If you're sig is up to date, then you use eco-comp. It is nearly impossible to vacuum ecocomplete due to it's varying grain size. You'll end up sucking most of the fine particles up and out of your tank. For your pH level, it really depends on the kH of your tank. Test that and get back to us. Then we can give you an appropriate answer. 
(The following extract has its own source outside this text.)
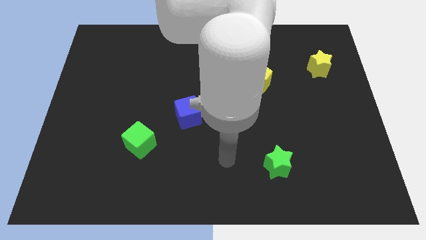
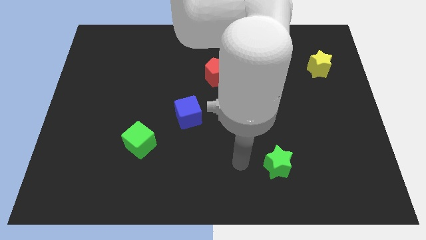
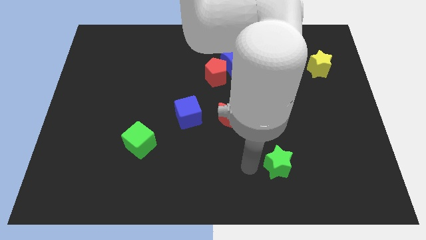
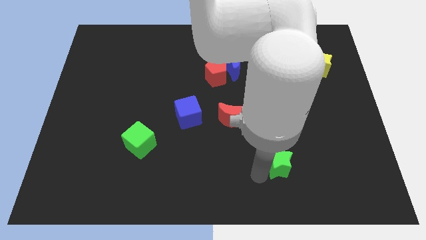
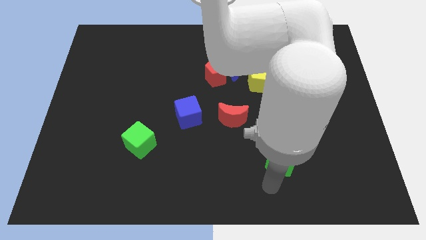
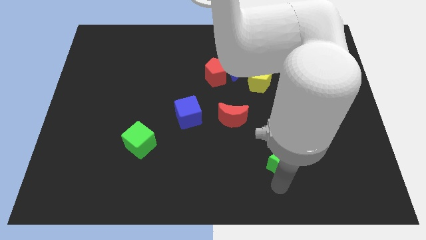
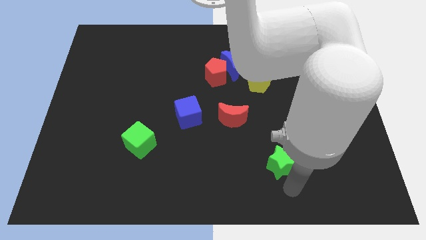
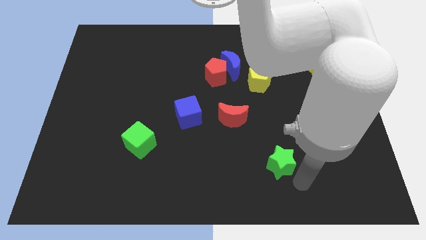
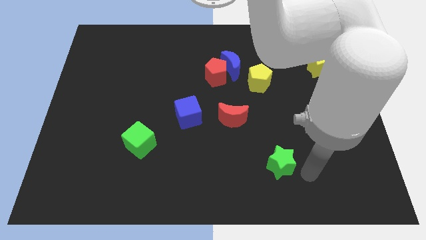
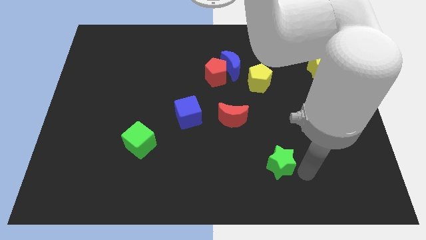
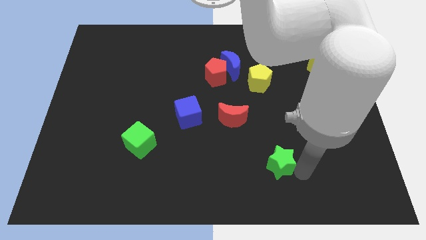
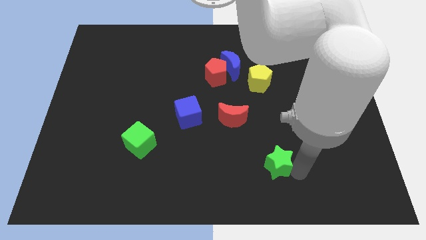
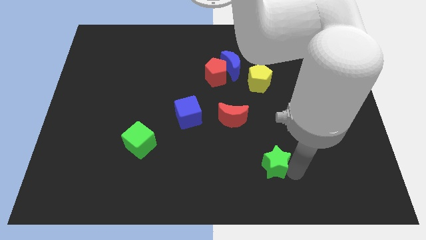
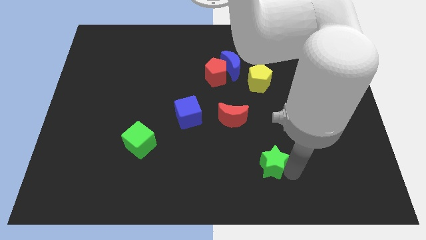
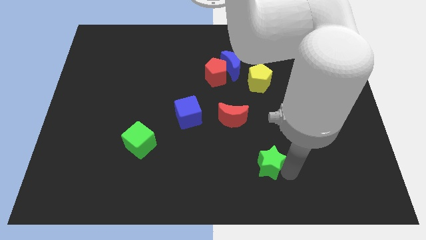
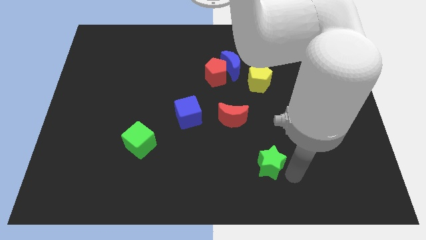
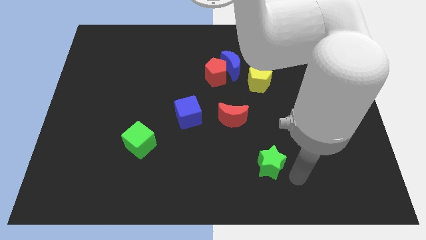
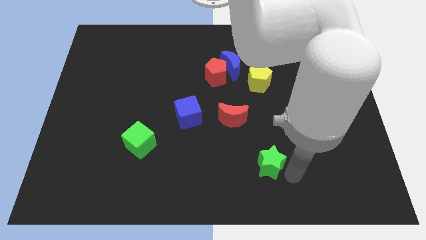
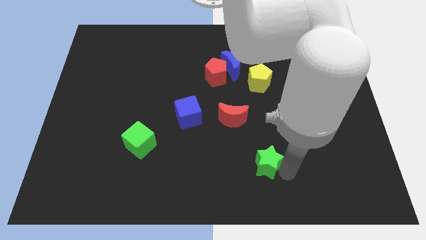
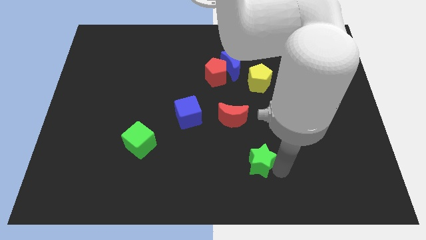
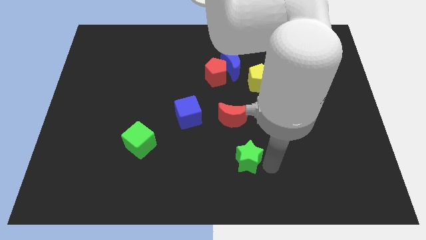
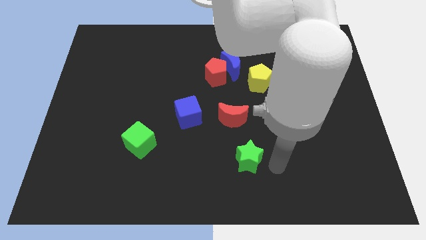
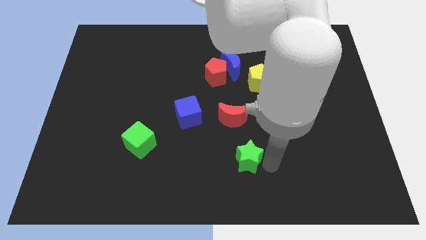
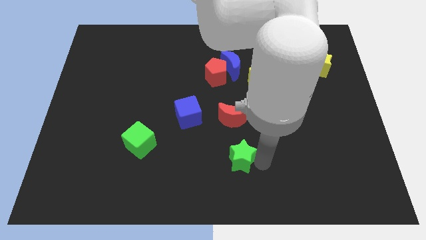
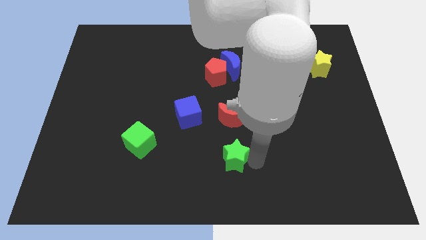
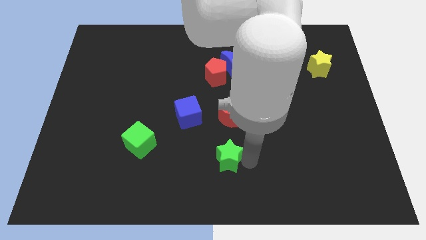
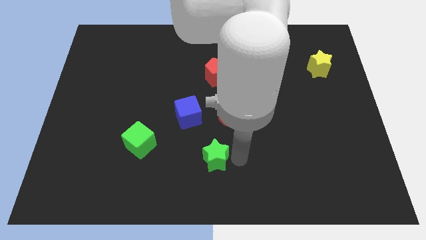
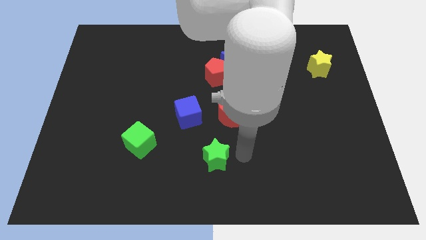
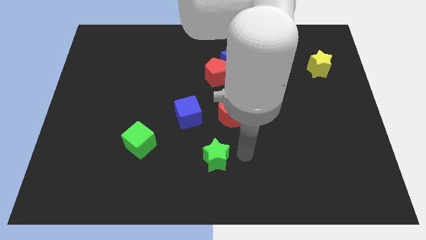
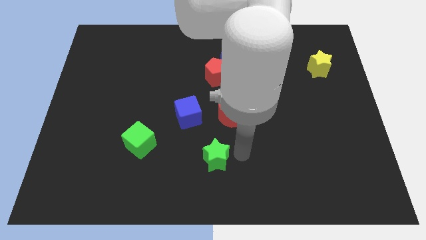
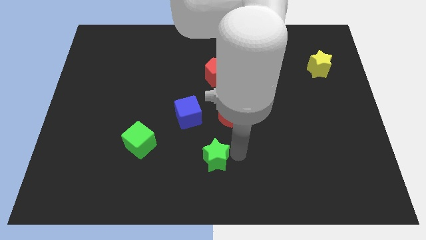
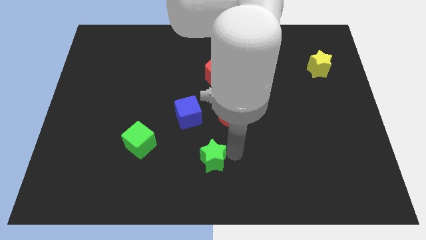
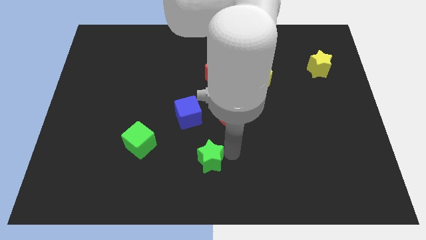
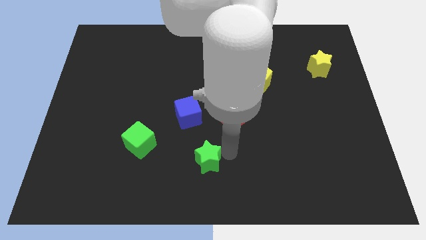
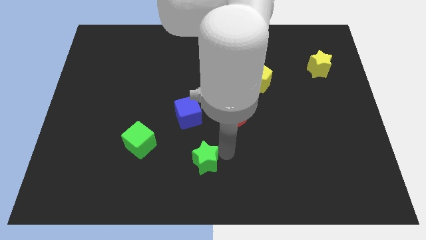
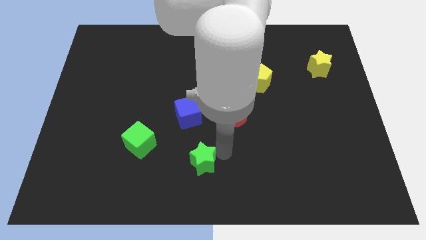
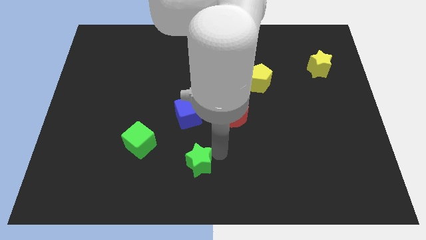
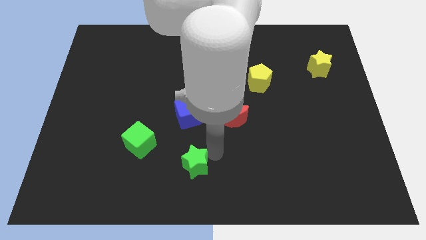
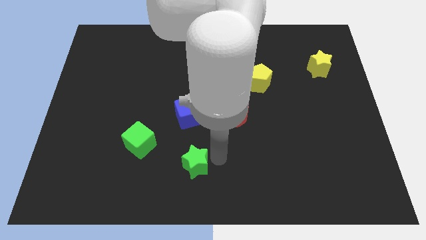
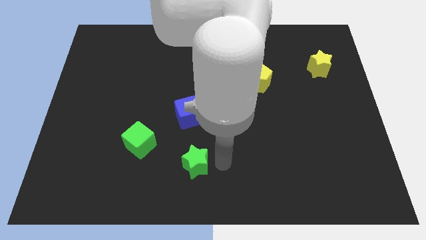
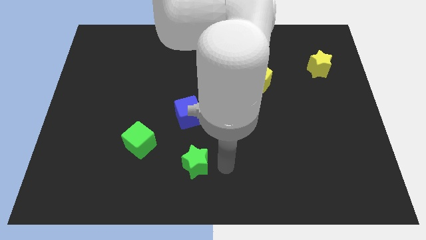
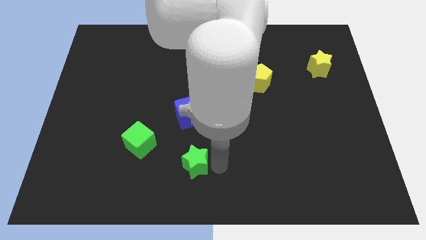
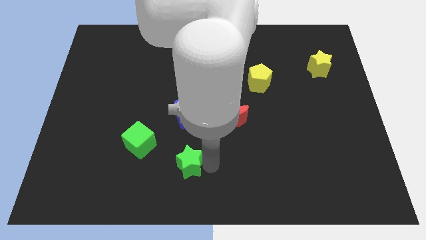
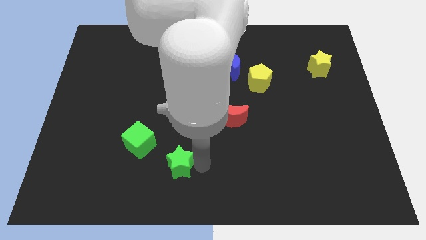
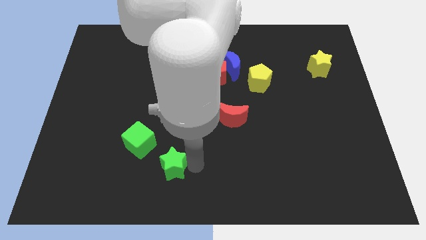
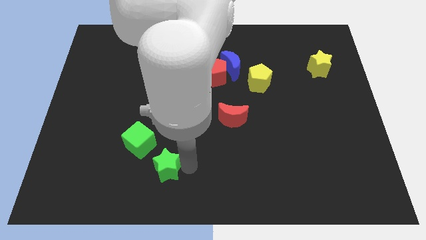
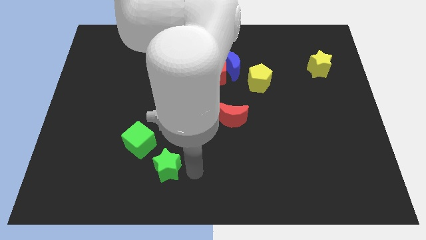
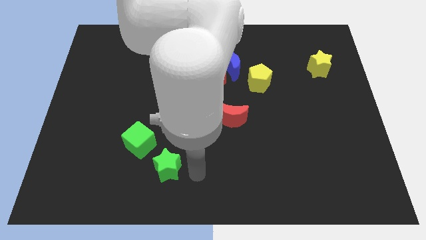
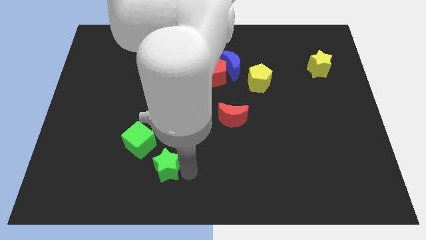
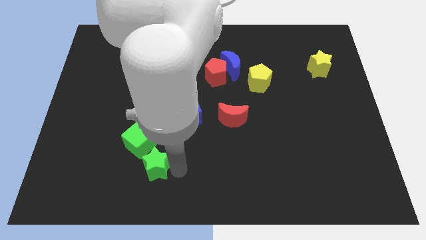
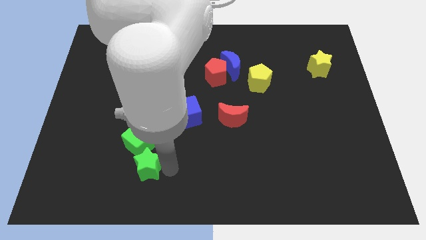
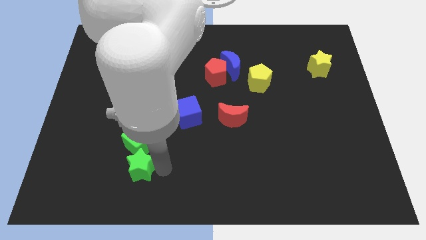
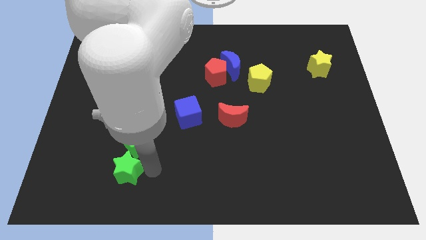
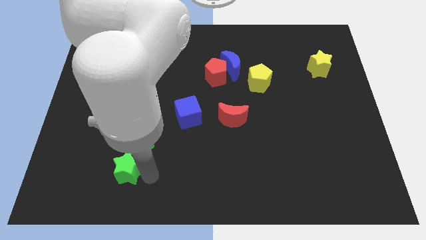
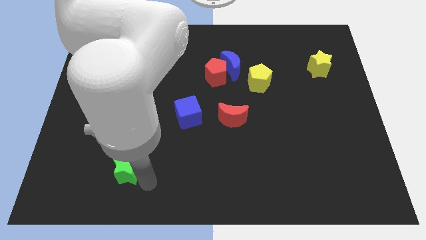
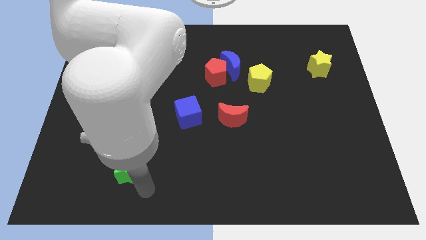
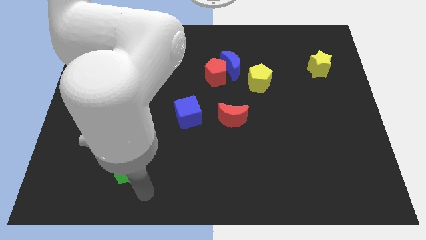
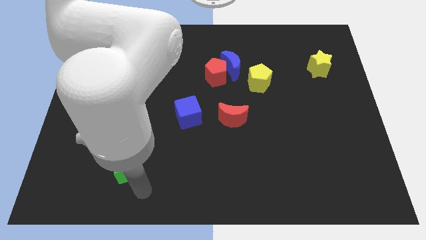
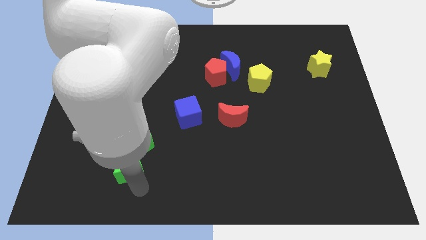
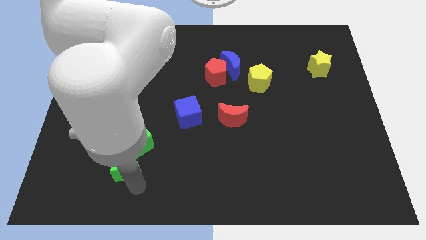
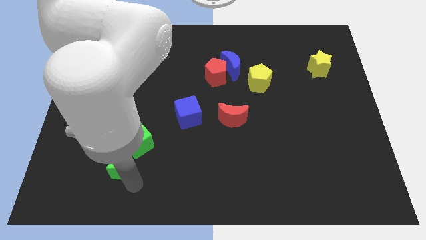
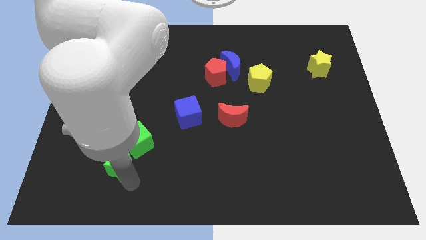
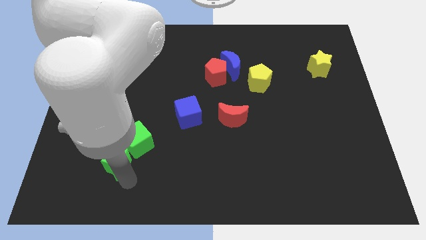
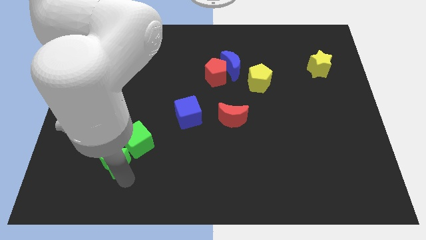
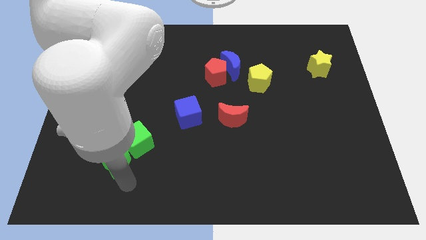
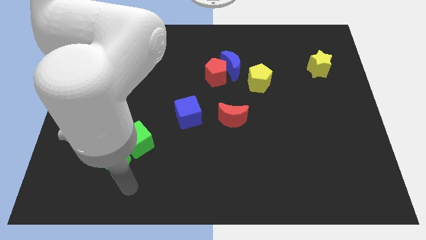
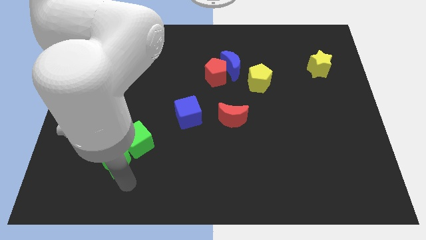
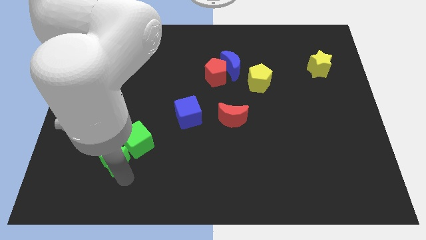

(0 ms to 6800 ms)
put the green star to the left of the green cube

But yes, BBA is generally indicative of low CO2 levels. I don't have much experiene with BBA, but from what i understand increasing the CO2 levels will only halt the growth of BBA. You will need to manually remove it.


----------



## fatbysl (Sep 23, 2004)

did a kh test and my it was 5.6


----------



## SnyperP (Dec 31, 2004)

Barring any ph altering substances (ph buffers, peat, etc), 6.8 - 6.6 ph would net you approximately 25-36ppm co2.


----------



## fatbysl (Sep 23, 2004)

would that be good enough to get rid of bba?


----------



## ianiwane (Sep 7, 2004)

just do this, turn up the co2 slowly over several hours watch it carefully, if you see any signs of stress in your fish turn it down a little and leave it.


----------



## sarahbobarah (May 20, 2005)

sorry fatbysl, I misread that as BGA.

For BBA, I just started dosing Flourish Excel along with placing a powerhead next to my CO2 reactor to blow it around the tank more. 

Helped A LOT. No sign of it now.


----------



## fatbysl (Sep 23, 2004)

I will buy some flourish excel and boil my driftwood. On the driftwood i have some big pieces that wont fit in a pot to boil so what i though of doing was feeling up our sink with hot water.


----------